Signal Transduction Pathways in the Regulation of Bile Secretion

Multiple posttranscriptional regulatory pathways exist in both hepatocytes and cholangiocytes for modulating the final bile secretory product. These consist of signal transduction second messenger pathways that are modulated in large part by hormones via hormone receptors, calcium via Inositol tiriphosphate receptors, nucleotides via purigenic receptors, and cytokines via cytokine receptors. In general, hormone receptor-mediated increases in adenyl cyclase activity and cAMP production result in a net increase in bile secretion while receptor-mediated mobilization of Ca2+i and activation of PKC tend to decrease bile flow (122, 220, 399, 400).

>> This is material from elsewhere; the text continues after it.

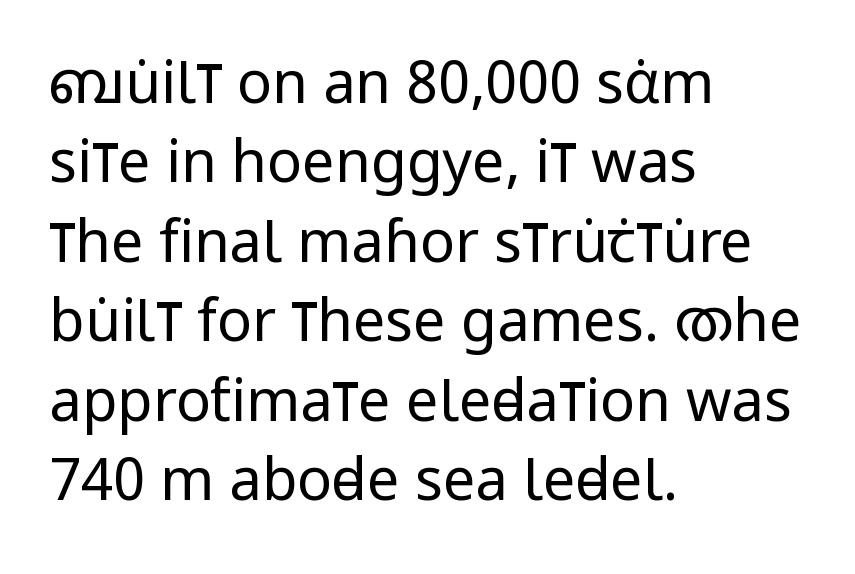
Weight: regular or lighter. Typographically, this falls in the sans-serif category. A student would call this left alignment; a typographer would say flush left, rag right. The designer left line spacing at the default. Character widths vary here, with narrow letters taking less room than wide ones. Posture: vertical.

Hormones that increase intracellular calcium in hepatocytes, such as vasopressin, noradrenaline, or angiotensin, activate PKC by hydrolysis of PIP2, leading to formation of InsP3 and diacylglycerol, and result in a decrease in bile flow (400). In contrast, glucagon also increases Ca2+i but activates adenyl cyclase, resulting in an increase in bile flow, possibly because glucagon activates both calcium and chloride channels as noted in rat hepatocytes (32).

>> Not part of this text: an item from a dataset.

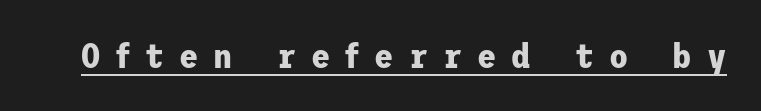
The image shows 35 px bold sans-serif type, upright; set unusually wide letter spacing (+0.43 em), underlined; low stroke contrast and a medium x-height.

Hepatocytes functionally express P1 and P2 nucleotide (purigenic) receptors on the plasma membrane (157). By activating these receptors, extracellular nucleotides and nucleosides regulate a number of functions in the hepatocyte, including bile secretion. Ectonucleotidases (NTPDases, ecto 5′nucleotidase) are also expressed on the cell surface where they regulate the concentration of extracellular nucleotides including those in bile (597). NTPDase8 is restricted to the bile canaliculus and converts ATP to AMP, which, in turn, is broken down to adenosine by ecto 5′-nucleotdiase (156). Hepatocytes secrete sufficient amounts of ATP, ADP, and AMP in bile [~5 μmol/L (109)] to stimulate these receptors, which result in either increases in intracellular calcium or cAMP (157). P2Y receptors are also expressed on cholangiocytes and can respond to ATP secreted in bile. Hepatocytes can secrete ATP in sufficient amounts to stimulate P2Y receptors (146,485) and can stimulate increases in intracellular calcium and alkalization of bile (146). cAMP-induced ductular bicarbonate secretion also depends in part on an autocrine signaling pathway that involves CFTR, apical release of ATP, stimulation of apical nucleotide receptors, and subsequent activation of apical, type III InsP3Rs. Thus, another role of CFTR in cholangiocyte secretion may be to regulate secretion of ATP in addition to secretion of chloride and/or bicarbonate (380).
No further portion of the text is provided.